HANNOVER/LUDWIGSHAFEN (dpa-AFX) - Ahead of the third round of wage negotiations for the chemical industry, thousands of employees across Germany have stopped work in a warning strike, according to trade unions. At a rally at the chemical company BASF in Ludwigshafen on Wednesday, the chief negotiator for the Mining, Chemical and Energy Union (IGBCE), Oliver Heinrich, spoke of a strong signal for the negotiations next week.

According to the union, around 5,000 people took part in the event in the Rhineland-Palatinate chemical metropolis. According to the IGBCE in Hanover, there were also rallies in North Rhine-Westphalia on Wednesday at the chemical sites in Leverkusen, Dormagen, Uerdingen and Wuppertal.

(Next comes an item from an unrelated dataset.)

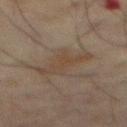This lesion was catalogued during total-body skin photography and was not selected for biopsy. On the abdomen. A male patient about 70 years old. A roughly 15 mm field-of-view crop from a total-body skin photograph.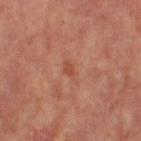Assessment: Part of a total-body skin-imaging series; this lesion was reviewed on a skin check and was not flagged for biopsy. Context: This is a cross-polarized tile. The recorded lesion diameter is about 3 mm. A region of skin cropped from a whole-body photographic capture, roughly 15 mm wide. An algorithmic analysis of the crop reported an area of roughly 3 mm² and two-axis asymmetry of about 0.35. And it measured a lesion color around L≈48 a*≈27 b*≈30 in CIELAB and a normalized lesion–skin contrast near 5. The analysis additionally found border irregularity of about 4 on a 0–10 scale and radial color variation of about 0. It also reported a nevus-likeness score of about 0/100 and lesion-presence confidence of about 100/100. From the left leg. A female subject, approximately 65 years of age.

Employees of the pharmaceutical company Merck in Darmstadt had already called a warning strike on Monday. On Tuesday, employees at the chemical company Evonik in Hanau and the supplier and tire manufacturer Continental in Hanover, among others, also walked off the job.

The third round of negotiations at federal level is scheduled for June 26 and 27 in Bad Breisig near Bonn. This is the last opportunity to reach a result before the end of the peace obligation on June 30.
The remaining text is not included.